YOUR OBJECTIVE> Nothing except the pictures should be left out when you reproduce the listing exactly.

··········

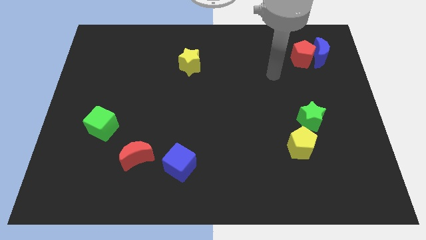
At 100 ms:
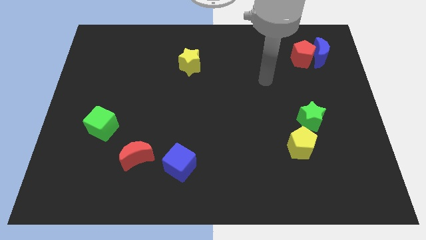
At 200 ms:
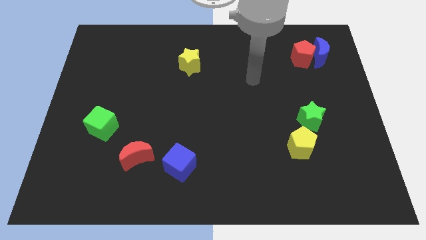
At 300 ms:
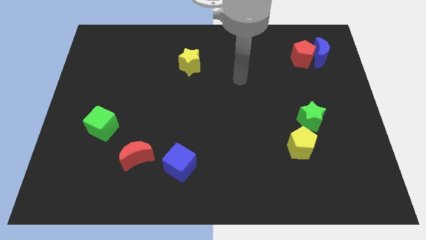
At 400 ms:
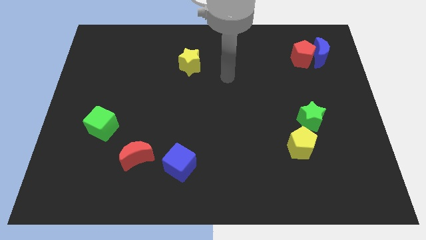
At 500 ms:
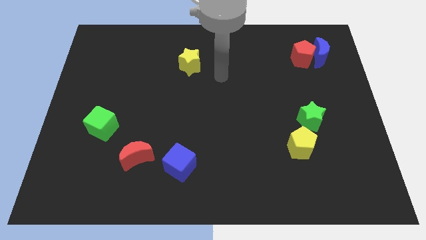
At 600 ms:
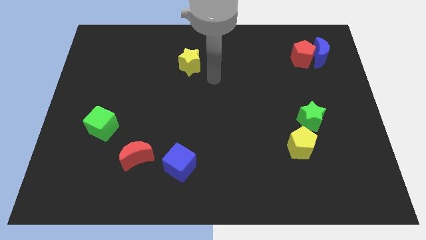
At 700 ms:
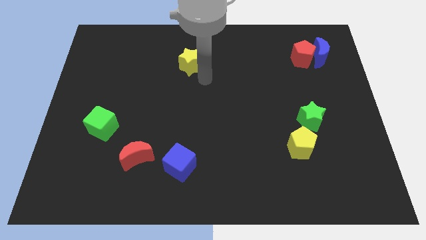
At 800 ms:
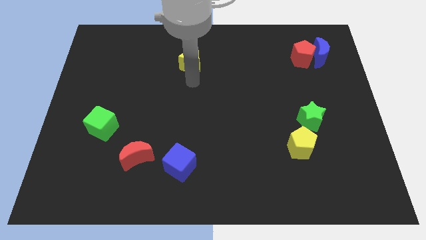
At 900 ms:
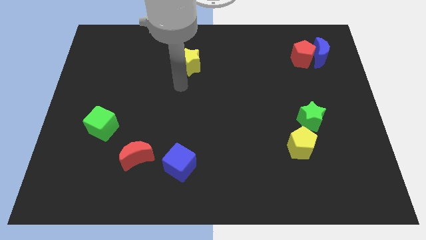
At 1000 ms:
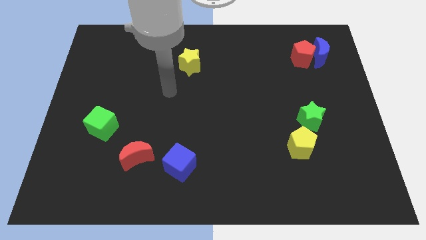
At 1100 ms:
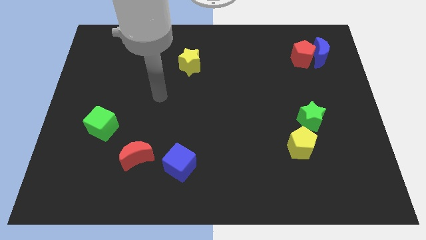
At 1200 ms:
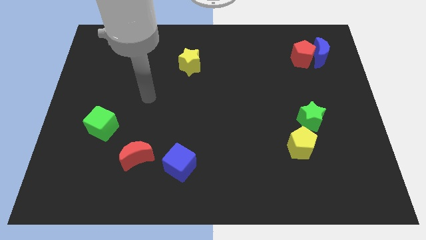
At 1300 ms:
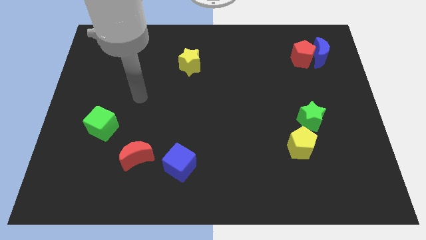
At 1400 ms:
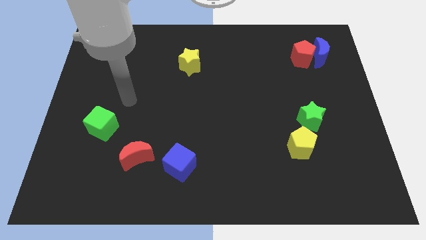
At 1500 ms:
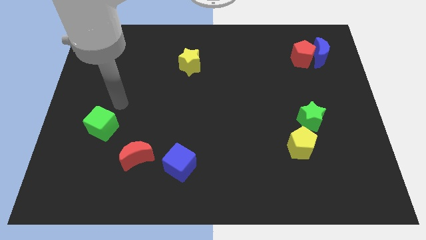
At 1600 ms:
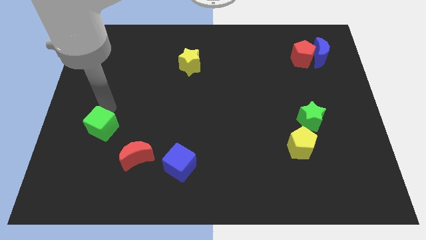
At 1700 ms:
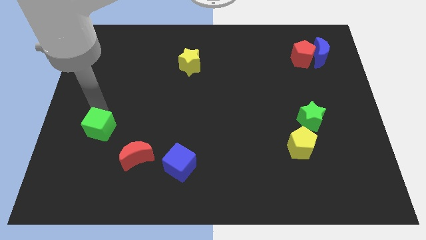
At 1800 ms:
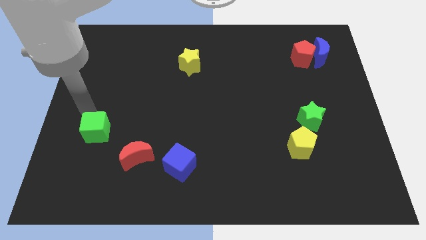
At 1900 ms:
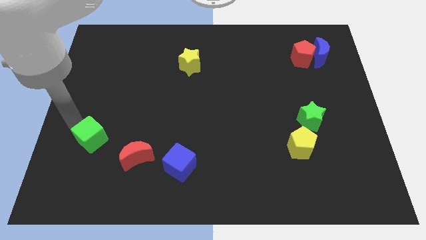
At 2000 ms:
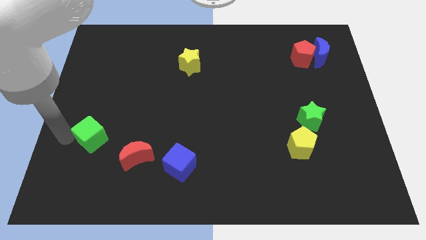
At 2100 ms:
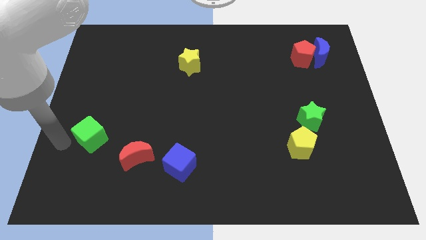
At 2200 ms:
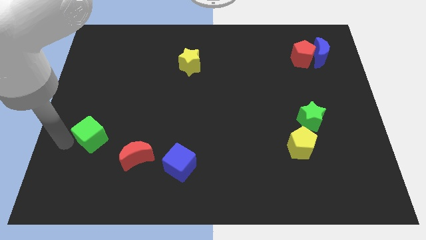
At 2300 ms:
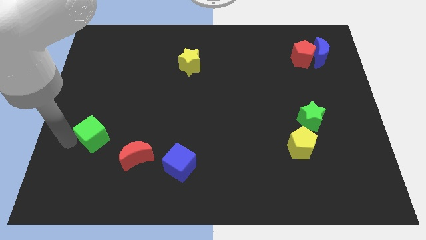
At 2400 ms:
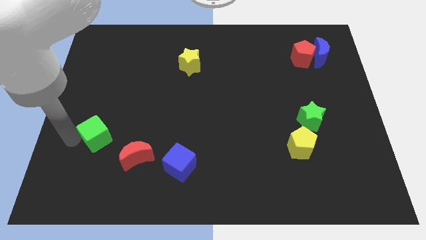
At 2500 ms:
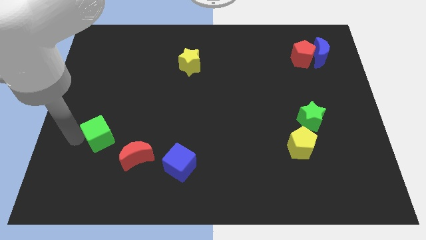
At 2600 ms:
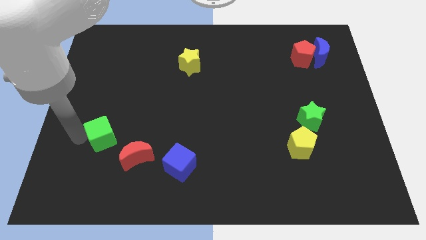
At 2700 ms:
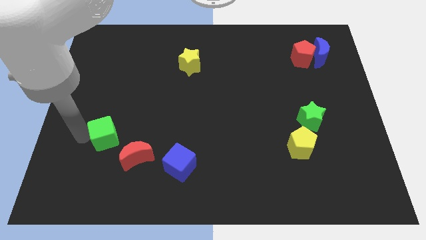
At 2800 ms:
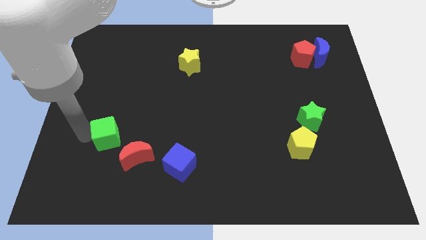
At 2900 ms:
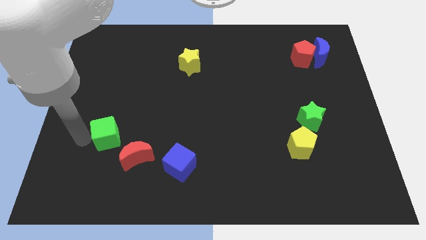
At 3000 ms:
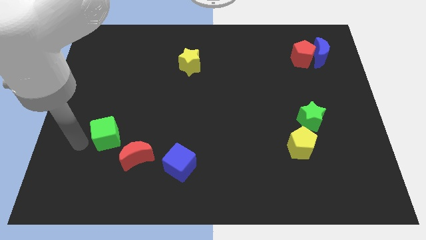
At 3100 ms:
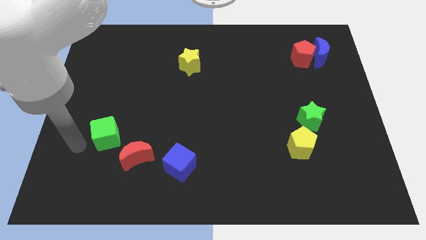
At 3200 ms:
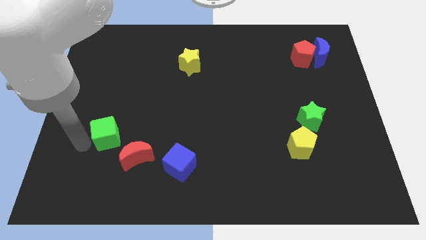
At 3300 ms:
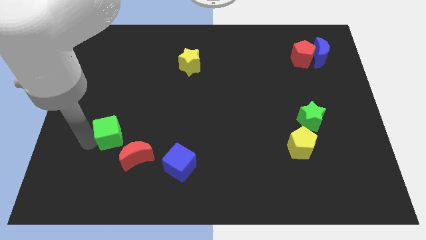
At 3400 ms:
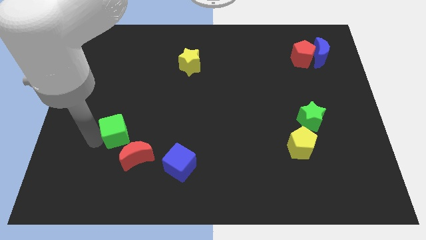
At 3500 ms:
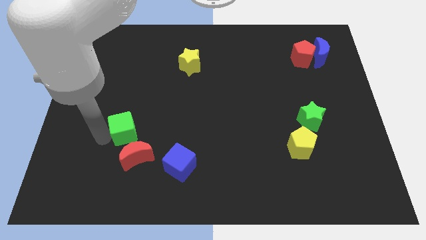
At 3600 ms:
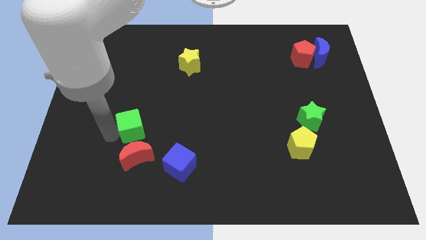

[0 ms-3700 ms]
slightly push the green cube to the right

··········

RESULT>
At 100 ms:
At 200 ms:
At 300 ms:
At 400 ms:
At 500 ms:
At 600 ms:
At 700 ms:
At 800 ms:
At 900 ms:
At 1000 ms:
At 1100 ms:
At 1200 ms:
At 1300 ms:
At 1400 ms:
At 1500 ms:
At 1600 ms:
At 1700 ms:
At 1800 ms:
At 1900 ms:
At 2000 ms:
At 2100 ms:
At 2200 ms:
At 2300 ms:
At 2400 ms:
At 2500 ms:
At 2600 ms:
At 2700 ms:
At 2800 ms:
At 2900 ms:
At 3000 ms:
At 3100 ms:
At 3200 ms:
At 3300 ms:
At 3400 ms:
At 3500 ms:
At 3600 ms:

[0 ms-3700 ms]
slightly push the green cube to the right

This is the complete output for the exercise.